PM me with any questions. I know its late in the season but if your looking for a great looking, reliable f450 this is the one you want. 

Compare Prices to skids @$2900 per month, Back hoes @ $3750 per month, and wheel loaders @ $4,500 per month rental. You cant beat 1500 per month, dont worry about a car payment for 12 months, lease mine for 3-4 and be done with it.


Thanks,
Jason


----------



## delong17

Here is the picture of the truck.


----------



## snowguys

Salt spreader?


----------



## delong17

snowguys;1369711 said:


> Salt spreader?


I have one but dont use it because it is broken and i have no use for it anyways. Hence the reason i am looking to put this truck to work. ITs a 2006 Western Ice Breaker 2 yard v box with a 6.5hp gas engine. Needs a new drop spinner and housing for the salt to drop onto the spinner, the whole back box that mounts to the actual v box was ran over by a skid the day i bought the truck.


----------



## cmo18

very interesting proposition....just curious, are you going to cover break downs?


----------



## delong17

Yes anything major i will cover, also, i am covering insurance and plates. Maintenance is to be done by leasee(oil, washing, cleaning, and filling up)


----------



## sle

Wow, I'm sorry but your nuts to let a complete jacka$$ cough cough I mean a stranger 
operate your truck without any supervision. You can expect body damage and mechanical
problems.
Make sure you take allot of pics cause you vehicle will never look the same.


----------



## mikeitu7

Free Bump. Nice looking truck, wish I had work for it I would even use it in the summer just so I can look good with my maintenance crew. LOL.


----------



## delong17

Thanks for the kind words. I know its a gamble to have someone else drive it but its not going to be used on residential (i would think) if someone leased. So im not sure how it could have body damage,with a plow on the front and the solid metal chassis and frame on the back. The lights are like daytime at night as well also.

I dont think a deal will even fall through, so i'll have the winter to keep it in the heated garage, and make it look brand new inside and out now.


----------



## MatthewG

Nice truck and good business thinking...


----------



## donleybrent

Is this the DeLong from Beaverton?


----------



## H&HPropertyMait

sle;1374072 said:


> Wow, I'm sorry but your nuts to let a complete jacka$$ cough cough I mean a stranger
> operate your truck without any supervision.
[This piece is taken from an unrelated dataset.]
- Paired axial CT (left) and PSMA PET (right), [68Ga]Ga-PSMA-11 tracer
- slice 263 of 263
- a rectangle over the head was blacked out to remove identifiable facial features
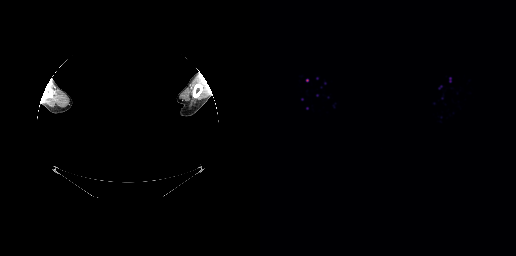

You can expect body damage and mechanical
> problems.
> Make sure you take allot of pics cause you vehicle will never look the same.


Maybe its just me, but i drive other peoples stuff whether it be trucks, cars, sleds, jet skis ect nicer then if it were my own. nothing more embarassing to me then breaking something that isn't yours.


----------



## plowingkid35

interested in selling instead??


----------